Undeterred, the UC Santa Barbara professor of history, who specializes in ancient China, dove into training like an Olympian. With the help of a $238,700 New Directions fellowship from the Andrew W. Mellon Foundation, Barbieri became, for all intents and purposes, a graduate student in Egyptian archaeology and hieroglyphics at UCLA.

The result after seven years of study and research: “Ancient Egypt and Early China: State, Society, and Culture” (University of Washington Press, 2021), Barbieri’s groundbreaking comparison of the two civilizations.

The similarities between New Kingdom Egypt and Han dynasty China are both stark and subtle. Both sat on river plains that required sophisticated management to feed their people; each relied on warfare and diplomacy to expand and maintain their empires; both had notorious leaders who enacted radical reforms and were later undone by overreach; each had a system of universal justice; both maintained a culture of highly trained scribes; each developed elaborate tomb models that provided for the afterlife; and both created board games that helped one find paradise in the afterlife.
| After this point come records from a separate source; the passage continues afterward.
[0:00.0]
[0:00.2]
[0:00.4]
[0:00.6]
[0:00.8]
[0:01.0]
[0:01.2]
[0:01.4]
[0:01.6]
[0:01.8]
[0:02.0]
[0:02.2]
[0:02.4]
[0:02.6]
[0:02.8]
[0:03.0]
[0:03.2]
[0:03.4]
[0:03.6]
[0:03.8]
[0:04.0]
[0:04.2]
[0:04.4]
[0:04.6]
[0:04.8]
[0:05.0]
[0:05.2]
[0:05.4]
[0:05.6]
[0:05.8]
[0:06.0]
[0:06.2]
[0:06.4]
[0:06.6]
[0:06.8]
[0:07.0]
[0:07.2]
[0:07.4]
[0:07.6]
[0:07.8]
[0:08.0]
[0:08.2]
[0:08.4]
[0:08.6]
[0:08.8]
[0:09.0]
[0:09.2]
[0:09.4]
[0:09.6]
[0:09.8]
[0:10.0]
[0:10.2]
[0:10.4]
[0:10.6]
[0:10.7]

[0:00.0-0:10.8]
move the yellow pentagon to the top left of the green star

Comparative studies of civilizations are not new. As Barbieri notes, multiple scholars have compared Roman and Greek societies with that of China. But those cultures were contemporaneous, allowing for the possibility of contact and influence. Not so with the New Kingdom and the Han dynasty.
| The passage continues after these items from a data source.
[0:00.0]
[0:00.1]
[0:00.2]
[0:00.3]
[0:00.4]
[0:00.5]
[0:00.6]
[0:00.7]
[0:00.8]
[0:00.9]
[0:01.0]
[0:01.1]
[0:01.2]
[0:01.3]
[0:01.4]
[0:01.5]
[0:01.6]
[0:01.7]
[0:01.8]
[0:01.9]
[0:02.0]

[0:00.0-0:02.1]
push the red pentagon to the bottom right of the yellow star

“There’s no direct contact between the two, obviously, because the time-frame is skewed,” he said. “I did that intentionally because then you don’t get cross-contamination, which can hamper a cross-cultural comparison.”

So why compare New Kingdom Egypt and Han dynasty China? For Barbieri, two key reasons stand out: For one, he’s had a keen interest in Egyptology for many years. His education as a de facto grad student gave him the solid grounding he wanted. More importantly, he believes immersing himself in a new field allows him to avoid “the trap” of overspecialization, which can lead to a kind of academic tunnel vision.
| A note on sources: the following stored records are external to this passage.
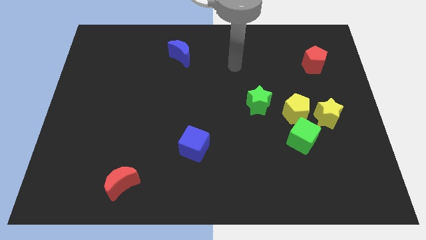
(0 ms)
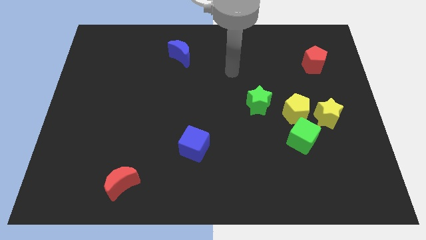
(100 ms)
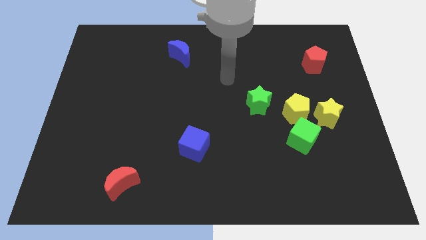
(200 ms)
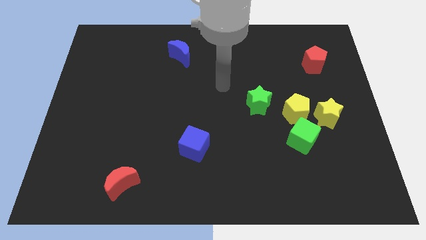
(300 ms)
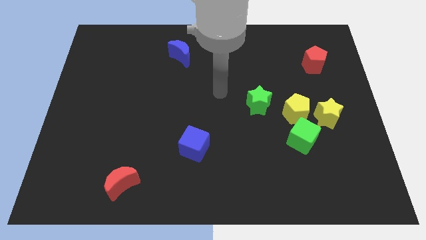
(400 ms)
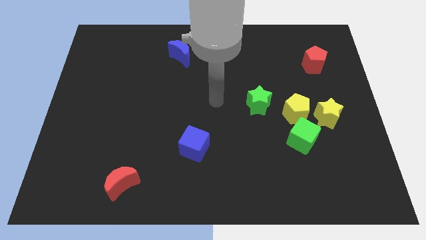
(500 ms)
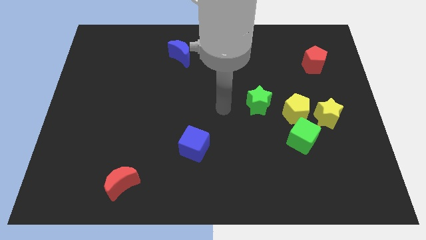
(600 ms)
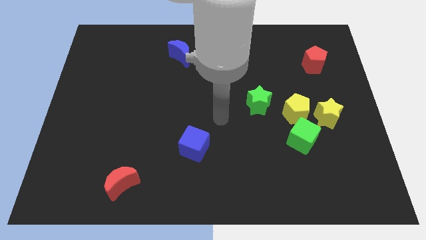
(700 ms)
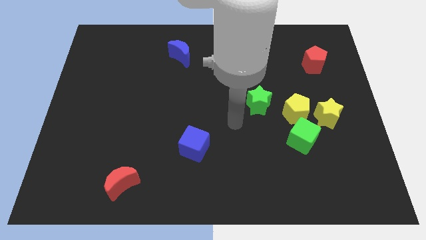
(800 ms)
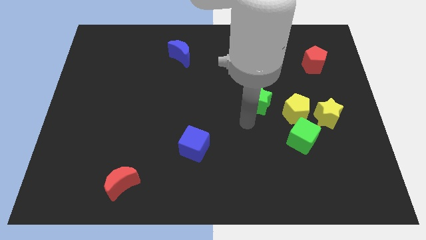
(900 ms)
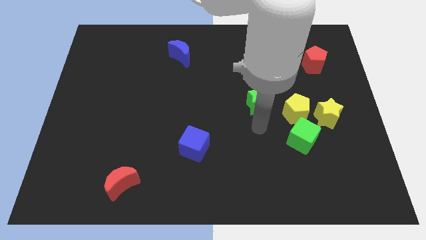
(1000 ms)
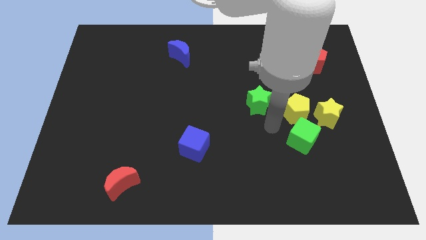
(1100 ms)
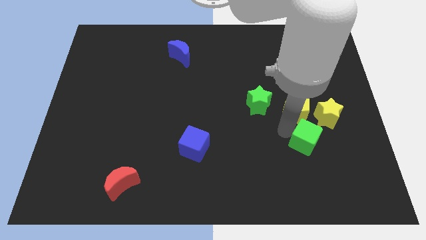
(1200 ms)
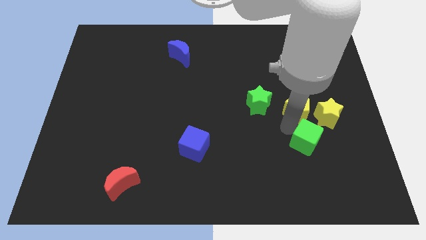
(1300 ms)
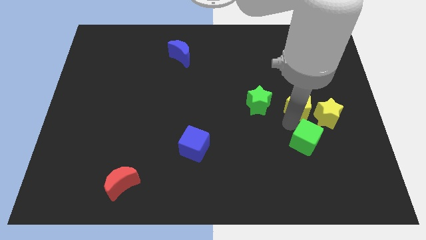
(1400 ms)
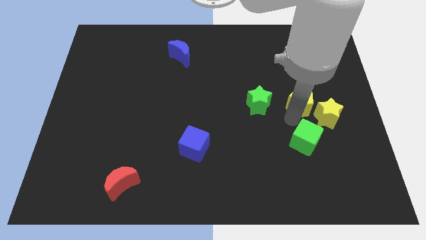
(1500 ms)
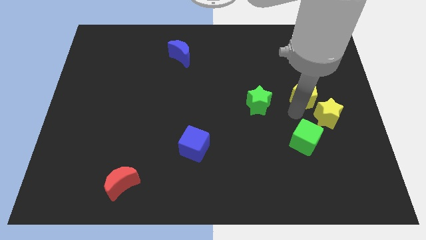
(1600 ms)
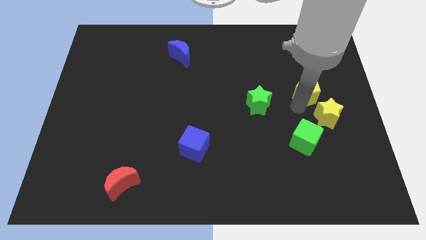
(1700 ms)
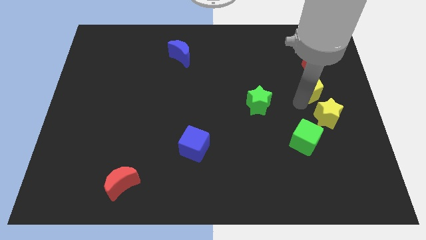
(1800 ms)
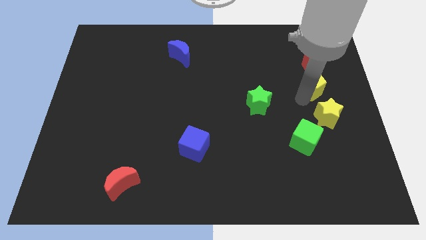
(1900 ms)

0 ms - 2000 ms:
pull the yellow pentagon apart from the yellow star, green cube, and green star

As he has stated in an online lecture about the book, “One of the benefits of comparative study is to make what seems familiar, unfamiliar, to break oneself out of the routine of thinking that certain things about China or certain things about Egypt are normal or characteristic of those civilizations and to force oneself to think differently about the situation.”

Barbieri credits his graduate advisor at Princeton, Robert W. Bagley, who was fascinated by Egypt, for helping him think outside the China box.

“Even though he was a China specialist,” Barbieri said, “almost the only thing we ever read together was Egyptology or anthropology, because he said you have to read outside your field. He trusted me to teach myself about China, but he said, ‘You really have to read outside your field. You have to see what anthropologists and other people are doing.’ ”

Barbieri — who reads and speaks modern Chinese, reads ancient Chinese, Japanese and ancient Egyptian, and plans to learn ancient Greek — said that his study of Egyptology offered him new ways to think about China and led directly to his book, which is the first of its kind.

“As I was sitting in those classes at UCLA,” he said, “every time stuff would come up, I would always be thinking about China. What does this look like in China? Or how is this similar? How is this different than China? And so the book started writing itself in my head while I was in these classes. I realized that this would make a fantastic book that no one had ever attempted before.”